With reference to FIG. 5, there is shown a cross-section view of a chip package module in the present embodiment. The configuration of the second chip 70 disposed in the composite circuit board 50 is the same as that in Embodiment 1 (as shown in FIG. 2) and the configuration of the first chip 60 disposed in the composite circuit board 50 is the same as that in Embodiment 3, except that the inactive surface of the first chip 60 has a third chip 80a disposed thereon. Similarly, the third chip 80a has an active surface and an inactive surface, and the inactive surface of the third chip 80a is attached to the first chip 60 by a connection layer 82a. Herein, the material of the connection layer 82a is selected from the group consisting of a resin and a film tape. In the present embodiment, the material of the connection layer 82a is a resin. In addition, the electrode pads 81a on the active surface of the third chip 80a in the present embodiment electrically connect to the first conductive pads 311 of the first rigid plate 30 in the composite circuit board 50 by bonding wires 521.

Embodiment 5

With reference to FIG. 6, there is shown a cross-section view of a chip package module in the present embodiment. The present embodiment is the same as Embodiment 4 (as shown in FIG. 5), except that the configuration of the second chip 70 disposed in the composite circuit board 50 is the same as that in Embodiment 2.

Embodiment 6

With reference to FIG. 7, there is shown a cross-section view of a chip package module in the present embodiment. The present embodiment is the same as Embodiment 5 (as shown in FIG. 6), except that the second cavity 401 of the second rigid plate 40 also has a third chip 80b disposed therein, the active surface of the third chip 80b has a plurality of electrode pads 81b, and the inactive surface of the third chip 80b is attached to the second chip 70 by a connection layer 82b. In addition, the electrode pads 81b on the active surface of the third chip 80b of the present embodiment electrically connect to the second conductive pads 411 of the second rigid plate 30 in the composite circuit board 50 by bonding wires.

Embodiments 7˜12

With reference to FIG. 8, there is shown a cross-section view of a chip package module connecting to outer electronic devices 90a and 90b. As shown in FIG. 8, the chip package module (as shown in FIG. 2) of Embodiment 1 is provided. In Embodiment 7, the first conductive pads 311 on the surface of the first rigid plate 30 in the composite circuit board 50 having the first chip 60 and the second chip 70 electrically connect to the outer electronic device 90a by solder balls 91a. The outer electronic device 90a is a circuit board. Similarly, the second conductive pads 411 on the surface of the second rigid plate 40 also electrically connect to the other outer electronic device 90b by solder balls 91b. The outer electronic device 90b is selected from the group consisting of a flip-chip package, a ball grid array package, and the chip package modules provided by Embodiments 1˜6. For example, in the present embodiment, the outer electronic device 90b is a flip-chip package. Herein, the first rigid plate 30 also can electrically connect to the outer electronic device 90b (in the present embodiment, the outer electronic device 90b is a flip-chip package) while the second rigid plate 40 can electrically connect to the outer electronic device 90a (in the present embodiment, the outer electronic device 90a is a circuit board).

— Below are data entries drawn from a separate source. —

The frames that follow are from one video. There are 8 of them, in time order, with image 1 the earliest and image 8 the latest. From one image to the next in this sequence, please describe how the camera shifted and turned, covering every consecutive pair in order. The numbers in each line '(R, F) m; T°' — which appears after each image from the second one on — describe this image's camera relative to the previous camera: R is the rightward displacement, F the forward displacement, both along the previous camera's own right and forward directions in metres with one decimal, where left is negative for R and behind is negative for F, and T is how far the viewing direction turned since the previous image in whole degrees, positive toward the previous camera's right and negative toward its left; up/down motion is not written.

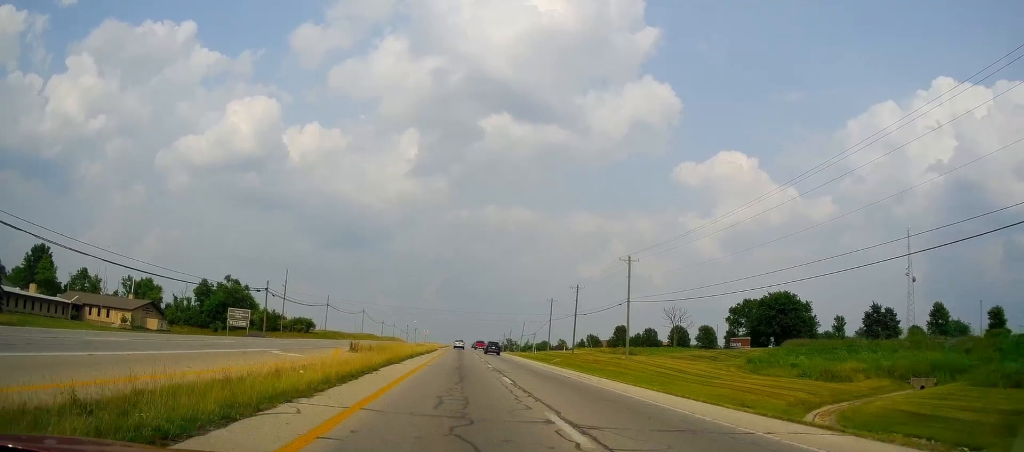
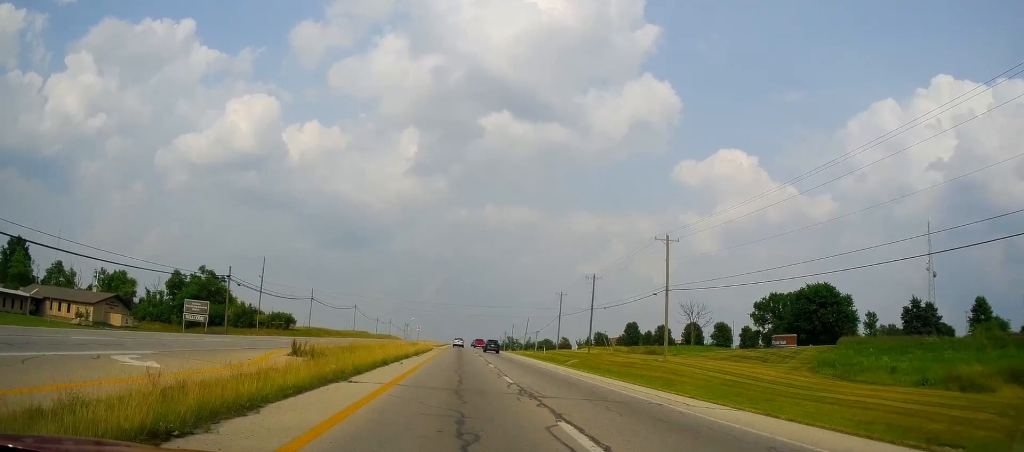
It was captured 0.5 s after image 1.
(0.0, +13.1) m; 0°
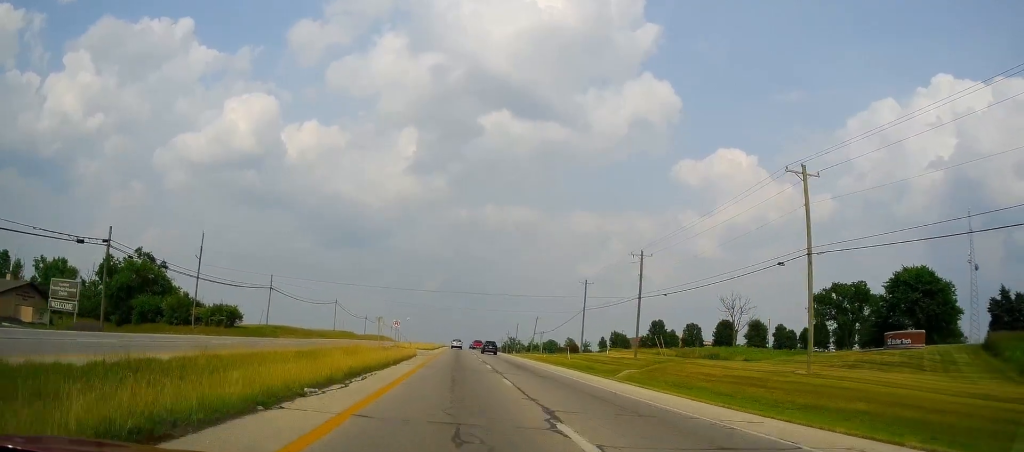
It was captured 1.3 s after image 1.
(+0.1, +24.4) m; 0°
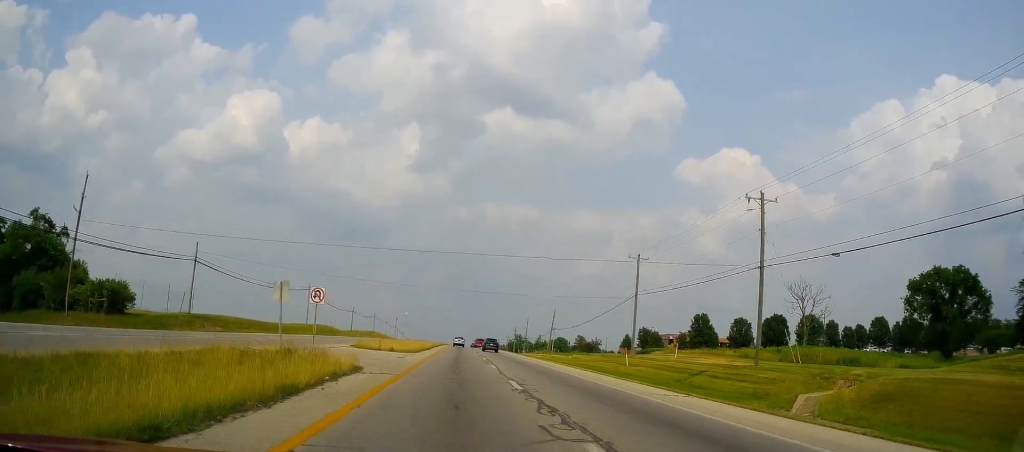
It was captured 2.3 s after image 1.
(-0.1, +27.3) m; -1°
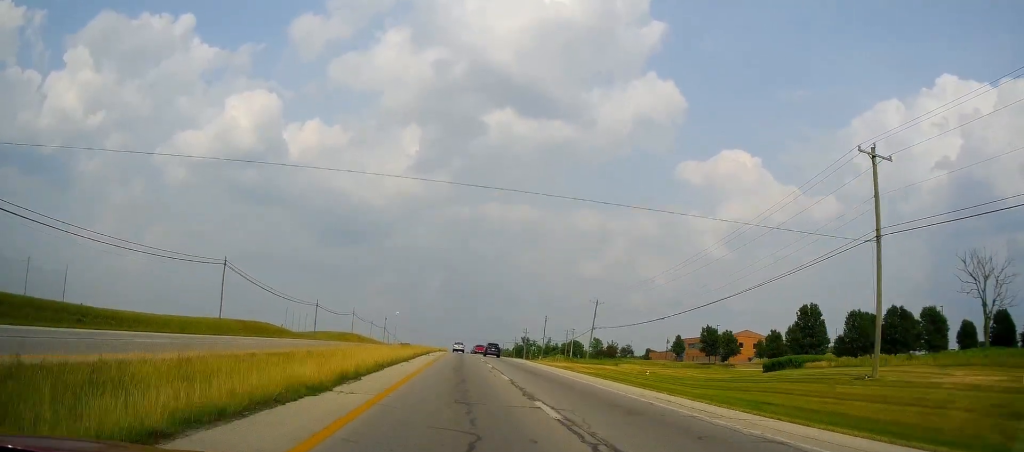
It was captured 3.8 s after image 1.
(-0.2, +42.3) m; 0°
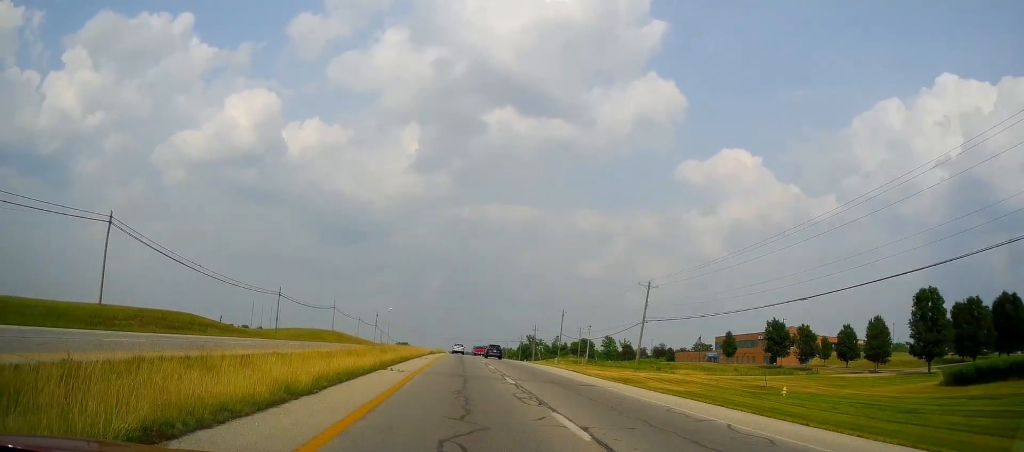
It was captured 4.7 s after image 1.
(-0.2, +26.5) m; 0°
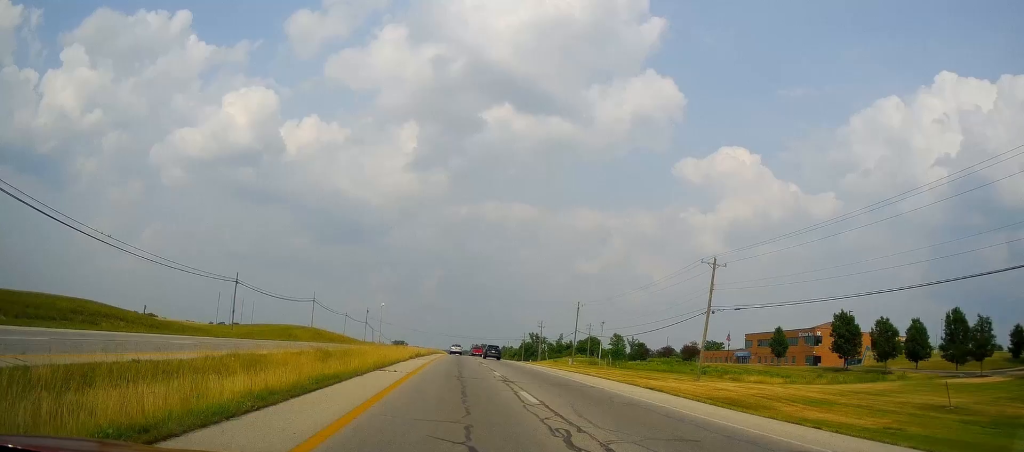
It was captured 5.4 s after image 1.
(0.0, +19.0) m; +1°
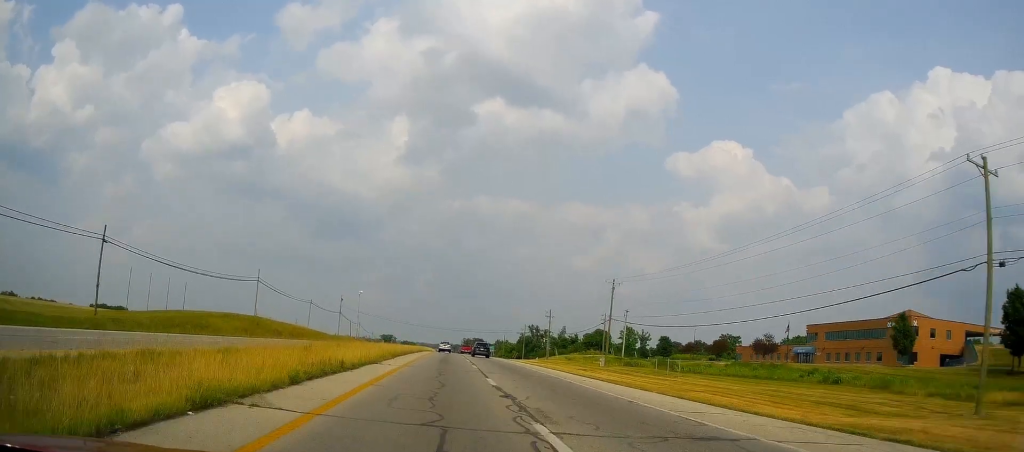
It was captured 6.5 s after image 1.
(+0.4, +31.5) m; +1°

Similarly, in Embodiments 8˜12, the chip package modules provided by Embodiments 2˜6 electrically connect to outer electronic devices, respectively. The configurations of the chip package modules attached to outer electronic devices in Embodiments 8˜12 are the same as that in Embodiment 7 so as to provide the chip package modules connecting to outer electronic devices.

Accordingly, the present invention can reduce the height of the package module and enhance the electrical performance by the electrical connection to outer electronic devices so as to overcome the difficulties in reducing the height of the package module and enhancing the electrical performance.